“l’inizio
di un luogo è legato spesso alla fine di un altro”
“Ho cominciato a raccogliere
memorie di luoghi abbandonati, in via di abbandono, a rischio spopolamento e
svuotamento quaranta anni fa”. Così l’antropologo calabrese Vito Teti inizia “Quel che resta – l’Italia dei paesi, tra abbandoni e ritorni”
(Donzelli editore), un bellissimo libro che si colloca tra il saggio
antropologico e il romanzo, il diario intimistico e il reportage. “I grandi
antropologi – scrive Claudio Magris nella prefazione del libro – sono insieme
storici, archeologi che scavano nello spazio e nel tempo, nel passato e anche
nel presente, e per questo sono, nel senso forte, dei poeti”.

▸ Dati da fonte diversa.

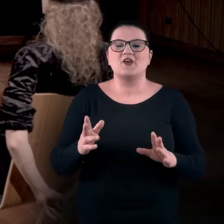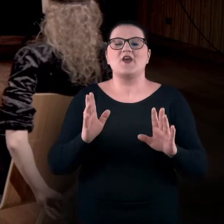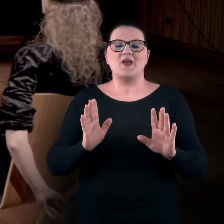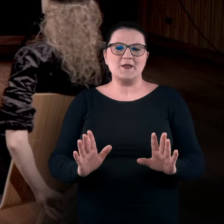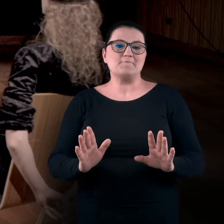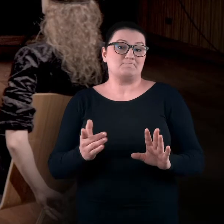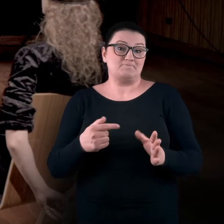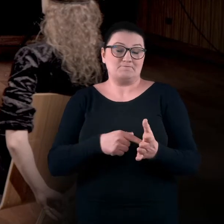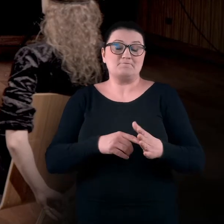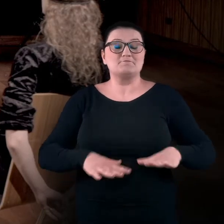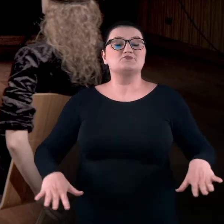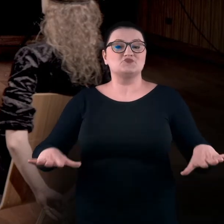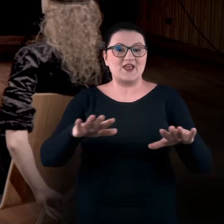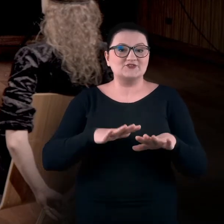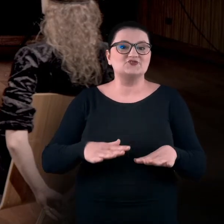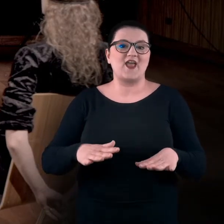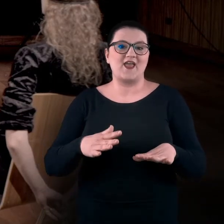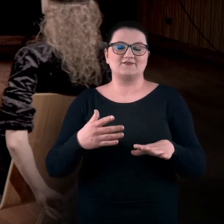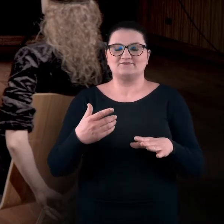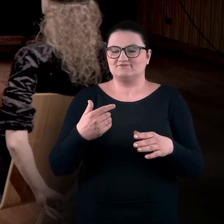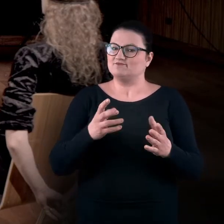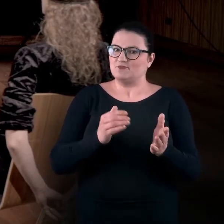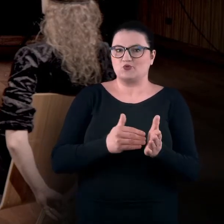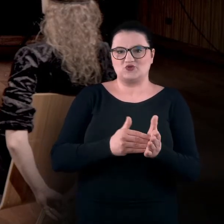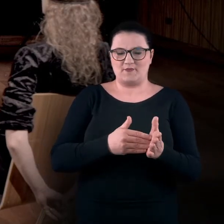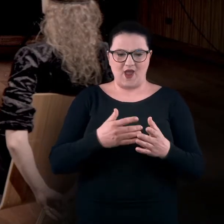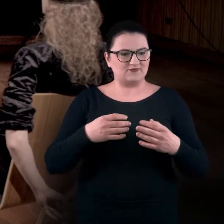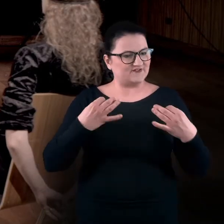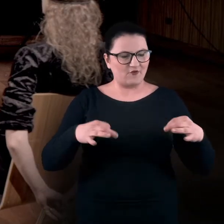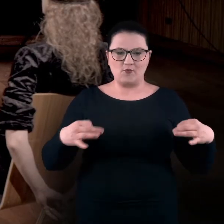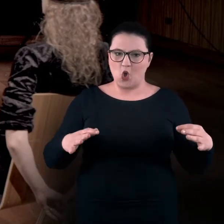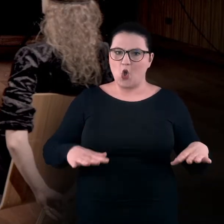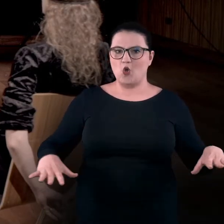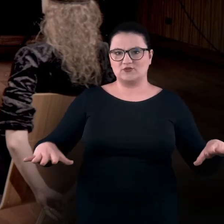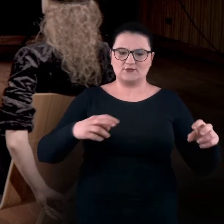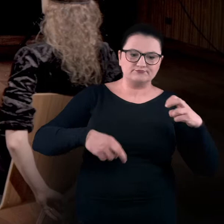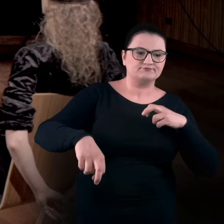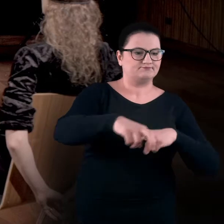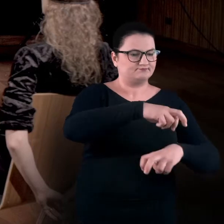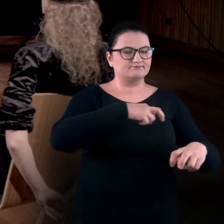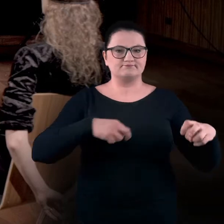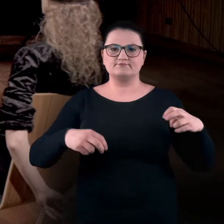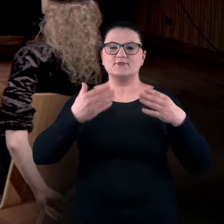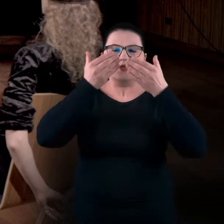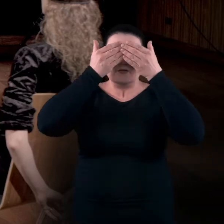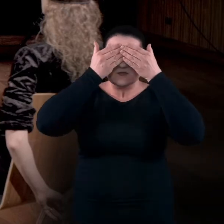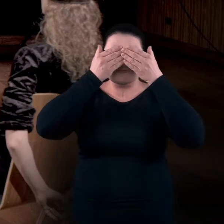i ta przestrzeń, która jest wymagana do swobodnego przemieszczania się, bezpiecznego przemieszczania się z zamkniętymi oczami,

Io credo che sia davvero raro
trovare, nel firmamento letterario dei nostri tempi, un’opera così appassionante
che sappia fondersi tra analisi storico-antropologica e poesia, sentimento e
ragione. Con questo suo libro Teti riesce a toccare le corde più sensibili del
nostro animo: ci fa commuove e riflettere sul senso della vita e della morte e
su “quel che resta”: di esperienze passate, di tradizioni, di storie, di
legami, di memorie, di paesi che si spopolano e muoiono. E lo fa attraverso un
racconto a tratti autobiografico, intriso di malinconia e di poesia, un viaggio
tenero e affettuoso nell’Italia “dei paesi, tra abbandoni e ritorni”, come
recita il sottotitolo. I paesi abbandonati, la case chiuse che custodiscono le
memorie degli antichi abitanti, le rovine che restano a testimoniare un antico
passato “possono continuare a vivere – scrive l’autore - soltanto attraverso la
letteratura e la scrittura. Gli oggetti, i materiali, le cose, le parole del
mondo perduto e sommerso rivivono, almeno per un attimo, nel momento in cui
vengono nominati”. Perciò, fino a quando ci sarà qualcuno che ricorda un paese
e mantiene viva la sua memoria, ne ricostruisce la sua storia, quel paese non
scompare del tutto. E continua a vivere.
I resti di città e monumenti,
che assurgono a testimonianza di antiche civiltà, hanno sempre esercitato su di
noi fascino e attrazione e, almeno a partire dal Settecento, è difficile
immaginare la bellezza in modo separato dalle rovine. L’autore del libro fa
notare che sempre più spesso le rovine del passato convivono con le rovine/macerie
del presente, quest’ultime provocate dal passare del tempo, dall’incuria dell’uomo,
ma anche dalle calamità naturali: come quelle case costruite con chissà quali
speranze e troppo in fretta abbandonate, oppure come quelle nuove costruzioni
in cemento, a più piani, lasciate incompiute che finiscono per deturpare in
maniera violenta il paesaggio o come quelle vecchie case di paese diventate
ruderi a seguito della morte degli originari proprietari, ma anche a seguito
della loro partenza verso paesi lontani. E come dimenticare, poi, le macerie di
interi paesi distrutti dal terremoto, che stanno lì a testimoniare la furia
devastatrice del sisma e soprattutto le tante, troppe, vite spezzate. Certo,
bisogna sempre distinguere tra macerie e rovine: le macerie non parlano, sono
“un puro ingombro, vuoto a perdere”, le rovine, al contrario, ci ricollegano “a
un tempo passato che dura nel presente...possono rappresentare memoria, ma
anche vita, diventare elementi di un diverso sentimento dei luoghi”. Ma sono
soprattutto le case abbandonate che hanno la forza di stabilire “collegamenti
tra coloro che sono rimasti e coloro che sono partiti”. E coloro che sono
partiti rappresentano la ragione principale dello spopolamento di un paese,
nella Calabria raccontata da Teti così come in qualsiasi altro luogo
dell’Italia. Con l’emigrazione di massa degli anni passati - che ha interessato
soprattutto le regioni meridionali - intere comunità si sono frantumate e
disperse dando origine in territori lontani (Americhe, Francia, Germania ecc.)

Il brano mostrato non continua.